Intel® MPI Library
Get help with building, analyzing, optimizing, and scaling high-performance computing (HPC) applications.
2154 Discussions

Intel MPI hangs with empty sent derived datatypes

gkarpa
Beginner
1,300 Views

 

Hello all,

In our project, we have encountered a behavior that seems a bit strange so I would like to request some feedback.

We are using a collective operation (MPI_Gatherv) in which each process sends 1 derived datatype. Depending on the application's calculations, this datatype may be empty of data in some processes. The receiver then adjusts accordingly and states that he'll receive 0 elements from these processes.

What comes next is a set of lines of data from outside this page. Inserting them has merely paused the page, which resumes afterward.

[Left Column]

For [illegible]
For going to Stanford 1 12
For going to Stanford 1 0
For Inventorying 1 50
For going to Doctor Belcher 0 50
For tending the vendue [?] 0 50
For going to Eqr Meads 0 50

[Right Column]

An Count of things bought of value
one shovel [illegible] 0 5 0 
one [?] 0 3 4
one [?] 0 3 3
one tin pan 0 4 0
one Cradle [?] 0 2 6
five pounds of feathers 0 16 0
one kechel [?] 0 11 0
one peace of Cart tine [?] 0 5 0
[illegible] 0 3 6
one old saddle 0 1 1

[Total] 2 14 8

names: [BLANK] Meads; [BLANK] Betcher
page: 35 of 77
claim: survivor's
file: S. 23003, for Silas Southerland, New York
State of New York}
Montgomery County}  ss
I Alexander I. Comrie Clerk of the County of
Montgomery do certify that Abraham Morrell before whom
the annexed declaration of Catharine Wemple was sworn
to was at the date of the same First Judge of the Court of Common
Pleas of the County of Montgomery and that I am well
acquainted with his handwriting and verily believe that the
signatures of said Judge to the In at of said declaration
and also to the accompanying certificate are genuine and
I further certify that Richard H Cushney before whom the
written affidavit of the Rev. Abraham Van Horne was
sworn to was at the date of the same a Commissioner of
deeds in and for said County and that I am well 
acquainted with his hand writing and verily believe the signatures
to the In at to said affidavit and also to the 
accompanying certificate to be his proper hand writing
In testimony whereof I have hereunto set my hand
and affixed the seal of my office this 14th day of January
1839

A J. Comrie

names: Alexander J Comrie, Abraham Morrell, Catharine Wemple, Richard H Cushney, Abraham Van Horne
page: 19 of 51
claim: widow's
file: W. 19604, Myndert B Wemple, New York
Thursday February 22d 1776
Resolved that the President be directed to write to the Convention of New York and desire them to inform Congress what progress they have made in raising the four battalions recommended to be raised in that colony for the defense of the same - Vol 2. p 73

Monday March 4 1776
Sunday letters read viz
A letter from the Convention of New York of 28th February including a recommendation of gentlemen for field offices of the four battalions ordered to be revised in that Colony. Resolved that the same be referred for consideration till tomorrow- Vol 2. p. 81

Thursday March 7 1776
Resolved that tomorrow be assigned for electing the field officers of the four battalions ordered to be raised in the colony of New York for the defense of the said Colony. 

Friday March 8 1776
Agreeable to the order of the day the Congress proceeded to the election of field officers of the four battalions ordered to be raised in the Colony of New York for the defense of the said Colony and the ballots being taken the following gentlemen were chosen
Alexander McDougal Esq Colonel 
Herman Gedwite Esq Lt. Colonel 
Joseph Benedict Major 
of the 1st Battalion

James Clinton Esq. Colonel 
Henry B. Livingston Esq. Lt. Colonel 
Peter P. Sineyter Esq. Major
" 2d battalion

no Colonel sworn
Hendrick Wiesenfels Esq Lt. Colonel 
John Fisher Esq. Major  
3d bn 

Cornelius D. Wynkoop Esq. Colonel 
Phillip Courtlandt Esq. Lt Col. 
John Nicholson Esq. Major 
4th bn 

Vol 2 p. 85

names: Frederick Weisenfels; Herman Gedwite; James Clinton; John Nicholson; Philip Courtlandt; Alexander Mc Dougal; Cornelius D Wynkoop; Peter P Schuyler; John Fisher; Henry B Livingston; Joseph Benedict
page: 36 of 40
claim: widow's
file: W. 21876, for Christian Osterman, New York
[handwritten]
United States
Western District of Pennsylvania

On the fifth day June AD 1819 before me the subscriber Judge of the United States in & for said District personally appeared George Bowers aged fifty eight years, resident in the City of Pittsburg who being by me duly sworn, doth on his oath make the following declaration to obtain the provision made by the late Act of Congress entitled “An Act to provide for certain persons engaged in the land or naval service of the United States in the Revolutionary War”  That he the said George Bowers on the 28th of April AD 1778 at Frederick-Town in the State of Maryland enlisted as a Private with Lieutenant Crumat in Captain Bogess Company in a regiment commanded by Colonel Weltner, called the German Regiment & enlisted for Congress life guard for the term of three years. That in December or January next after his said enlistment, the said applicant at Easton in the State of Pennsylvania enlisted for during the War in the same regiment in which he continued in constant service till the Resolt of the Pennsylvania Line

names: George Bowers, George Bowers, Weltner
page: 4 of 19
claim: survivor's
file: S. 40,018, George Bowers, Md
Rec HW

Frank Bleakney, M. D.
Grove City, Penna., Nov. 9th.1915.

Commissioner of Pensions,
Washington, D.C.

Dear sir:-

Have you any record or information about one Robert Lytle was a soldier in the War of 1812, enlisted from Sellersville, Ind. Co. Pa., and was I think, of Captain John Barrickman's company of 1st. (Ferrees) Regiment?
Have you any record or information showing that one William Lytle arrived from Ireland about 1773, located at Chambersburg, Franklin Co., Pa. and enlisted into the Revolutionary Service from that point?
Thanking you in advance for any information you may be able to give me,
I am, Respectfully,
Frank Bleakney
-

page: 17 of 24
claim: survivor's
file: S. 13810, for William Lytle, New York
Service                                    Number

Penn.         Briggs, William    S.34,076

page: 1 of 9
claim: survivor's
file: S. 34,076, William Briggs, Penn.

Running such an example with Intel MPI 2019.7.216 in Windows 10 x64 is resulting in a hang and the operation never completes. To my understanding, this scenario should be working since the type signatures implied on both sides are matching: The sender sends 1 derived type of 0 elements, so 0 bytes, and the receiver expects 0 elements of a primitive data type, which is 0 bytes as well.

Changing the sendcount argument to 0 for the processes that have the empty datatype is working, but this doesn't seem to me like the correct way to go.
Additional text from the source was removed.